[Extracted entries Boundary: Start]

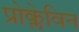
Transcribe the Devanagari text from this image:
प्रोक्लेविन
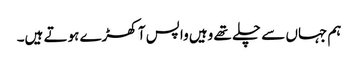
ہم جہاں سے چلے تھے وہیں واپس آ کھڑے ہوتے ہیں۔
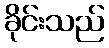
ခိုင်းသည်
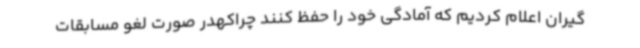
گیران اعلام کردیم که آمادگی خود را حفظ کنند چراکهدر صورت لغو مسابقات
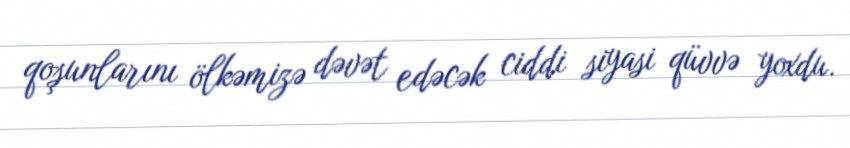
qoşunlarını ölkəmizə dəvət edəcək ciddi siyasi qüvvə yoxdu.
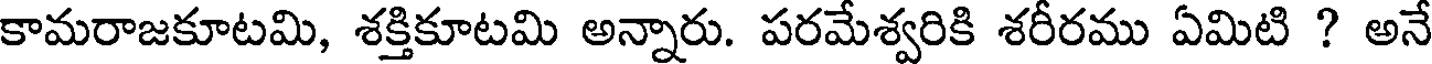
కామరాజకూటమి, శక్తికూటమి అన్నారు. పరమేశ్వరికి శరీరము ఏమిటి ? అనే
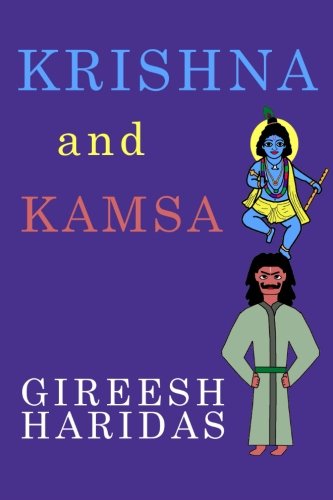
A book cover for Krishna and Kamsa; Gireesh Haridas; Religion & Spirituality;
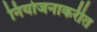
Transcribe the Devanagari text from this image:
नियोजनाकरीत
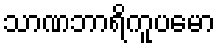
သာဏဘာရိကူပမော
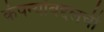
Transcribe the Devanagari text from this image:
कंपन्यांबद्दलची
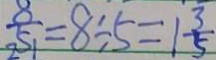
\frac { 8 } { 2 5 1 } = 8 \div 5 = 1 \frac { 3 } { 5 }
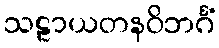
သဠာယတနဝိဘင်္ဂံ
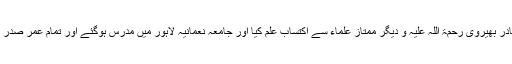
مولانا غلام قادر بھیروی رحمۃ اللہ علیہ و دیگر ممتاز علماء سے اکتسابِ علم کیا اور جامعہ نعمانیہ لاہور میں مدرس ہوگئے اور تمام عمر صدر مدرس رہے۔
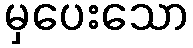
မှပေးသော
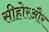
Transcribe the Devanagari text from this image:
सीहोरऔर
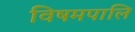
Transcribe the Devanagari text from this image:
विषमपालि
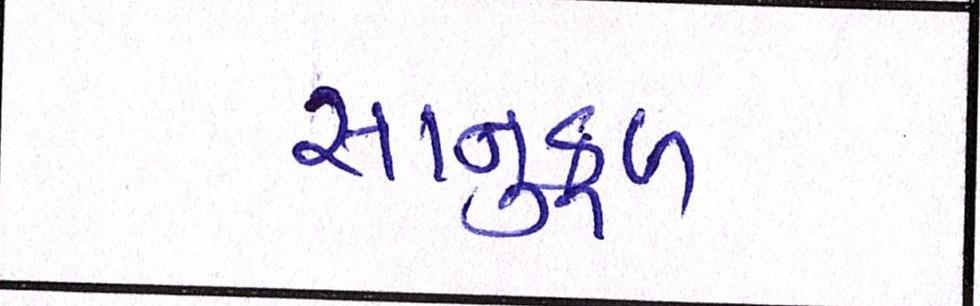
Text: સાનુકૂળ
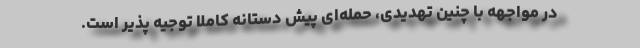
در مواجهه با چنین تهدیدی، حمله‌ای پیش دستانه کاملا توجیه پذیر است.
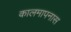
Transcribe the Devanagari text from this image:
कालमापनास
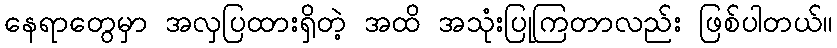
နေရာတွေမှာ အလှပြထားရှိတဲ့ အထိ အသုံးပြုကြတာလည်း ဖြစ်ပါတယ်။
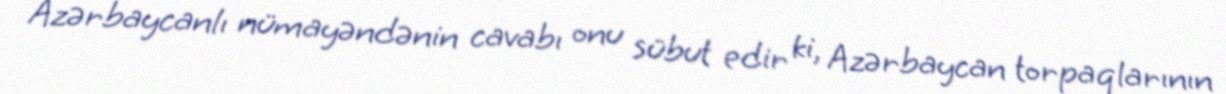
Azərbaycanlı nümayəndənin cavabı onu sübut edir ki, Azərbaycan torpaqlarının
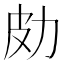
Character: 𠡄
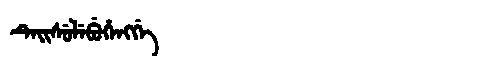
Manchu: ᡨᡝᡳᠰᡠᠯᡝᠪᡠᡥᡝᠩᡤᡝ
Romanization: TEISULEBUHENGGE
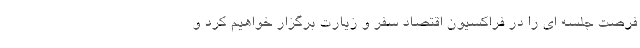
فرصت جلسه ای را در فراکسیون اقتصاد سفر و زیارت برگزار خواهیم کرد و
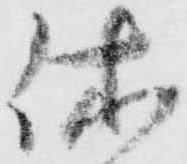
休
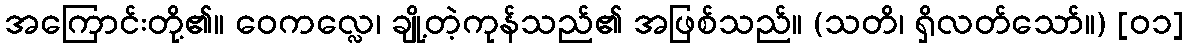
အကြောင်းတို့၏။ ဝေကလ္လေ၊ ချို့တဲ့ကုန်သည်၏ အဖြစ်သည်။ (သတိ၊ ရှိလတ်သော်။) [၀၁]
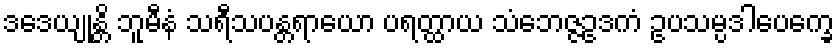
ဒဒေယျုန္တိ ဘူမီနံ သရီသပန္တရာယော ပရတ္ထာယ သံဘေဇ္ဇဥဒကံ ဥပသမ္ပဒါပေက္ခေ
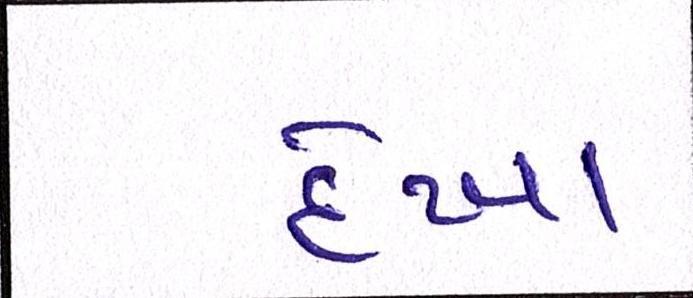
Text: દેખા
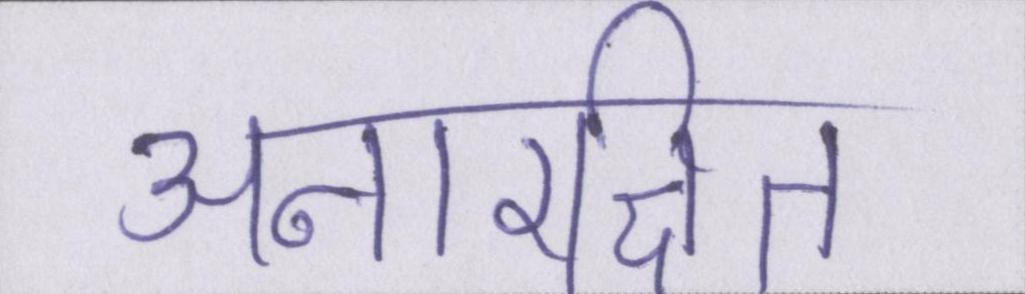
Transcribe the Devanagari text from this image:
अनारक्षित
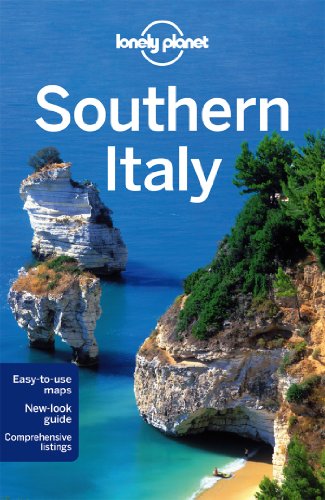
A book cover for Lonely Planet Southern Italy (Travel Guide); Lonely Planet; Travel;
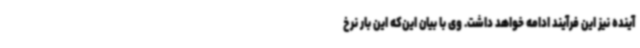
آینده نیز این فرآیند ادامه خواهد داشت. وی با بیان این‌که این بار نرخ
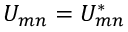
U _ { m n } = U _ { m n } ^ { * }
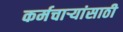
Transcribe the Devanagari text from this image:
कर्मचार्‍यांसाठी
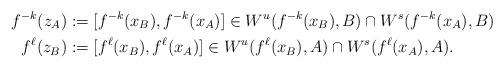
LaTeX: \begin{align*}f^{-k}(z_A)&:=[f^{-k}(x_B),f^{-k}(x_A)]\in W^u(f^{-k}(x_B),B)\cap W^s(f^{-k}(x_A),B)\\f^{\ell}(z_B)&:=[f^{\ell}(x_B),f^{\ell}(x_A)]\in W^u(f^{\ell}(x_B),A)\cap W^s(f^{\ell}(x_A),A).\end{align*}
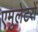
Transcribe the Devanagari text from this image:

[Extracted entries Boundary: End]

* Problem description *
Except for the pictures, give the data again word for word.

* Solution *
Transcribe the Devanagari text from this image:
प्रोक्लेविन
ہم جہاں سے چلے تھے وہیں واپس آ کھڑے ہوتے ہیں۔
ခိုင်းသည်
گیران اعلام کردیم که آمادگی خود را حفظ کنند چراکهدر صورت لغو مسابقات
qoşunlarını ölkəmizə dəvət edəcək ciddi siyasi qüvvə yoxdu.
కామరాజకూటమి, శక్తికూటమి అన్నారు. పరమేశ్వరికి శరీరము ఏమిటి ? అనే
A book cover for Krishna and Kamsa; Gireesh Haridas; Religion & Spirituality;
Transcribe the Devanagari text from this image:
नियोजनाकरीत
သာဏဘာရိကူပမော
Transcribe the Devanagari text from this image:
कंपन्यांबद्दलची
\frac { 8 } { 2 5 1 } = 8 \div 5 = 1 \frac { 3 } { 5 }
သဠာယတနဝိဘင်္ဂံ
مولانا غلام قادر بھیروی رحمۃ اللہ علیہ و دیگر ممتاز علماء سے اکتسابِ علم کیا اور جامعہ نعمانیہ لاہور میں مدرس ہوگئے اور تمام عمر صدر مدرس رہے۔
မှပေးသော
Transcribe the Devanagari text from this image:
सीहोरऔर
Transcribe the Devanagari text from this image:
विषमपालि
Text: સાનુકૂળ
در مواجهه با چنین تهدیدی، حمله‌ای پیش دستانه کاملا توجیه پذیر است.
Transcribe the Devanagari text from this image:
कालमापनास
နေရာတွေမှာ အလှပြထားရှိတဲ့ အထိ အသုံးပြုကြတာလည်း ဖြစ်ပါတယ်။
Azərbaycanlı nümayəndənin cavabı onu sübut edir ki, Azərbaycan torpaqlarının
Character: 𠡄
Manchu: ᡨᡝᡳᠰᡠᠯᡝᠪᡠᡥᡝᠩᡤᡝ
Romanization: TEISULEBUHENGGE
فرصت جلسه ای را در فراکسیون اقتصاد سفر و زیارت برگزار خواهیم کرد و
休
အကြောင်းတို့၏။ ဝေကလ္လေ၊ ချို့တဲ့ကုန်သည်၏ အဖြစ်သည်။ (သတိ၊ ရှိလတ်သော်။) [၀၁]
ဒဒေယျုန္တိ ဘူမီနံ သရီသပန္တရာယော ပရတ္ထာယ သံဘေဇ္ဇဥဒကံ ဥပသမ္ပဒါပေက္ခေ
Text: દેખા
Transcribe the Devanagari text from this image:
अनारक्षित
A book cover for Lonely Planet Southern Italy (Travel Guide); Lonely Planet; Travel;
آینده نیز این فرآیند ادامه خواهد داشت. وی با بیان این‌که این بار نرخ
U _ { m n } = U _ { m n } ^ { * }
Transcribe the Devanagari text from this image:
कर्मचार्‍यांसाठी
LaTeX: \begin{align*}f^{-k}(z_A)&:=[f^{-k}(x_B),f^{-k}(x_A)]\in W^u(f^{-k}(x_B),B)\cap W^s(f^{-k}(x_A),B)\\f^{\ell}(z_B)&:=[f^{\ell}(x_B),f^{\ell}(x_A)]\in W^u(f^{\ell}(x_B),A)\cap W^s(f^{\ell}(x_A),A).\end{align*}
Transcribe the Devanagari text from this image:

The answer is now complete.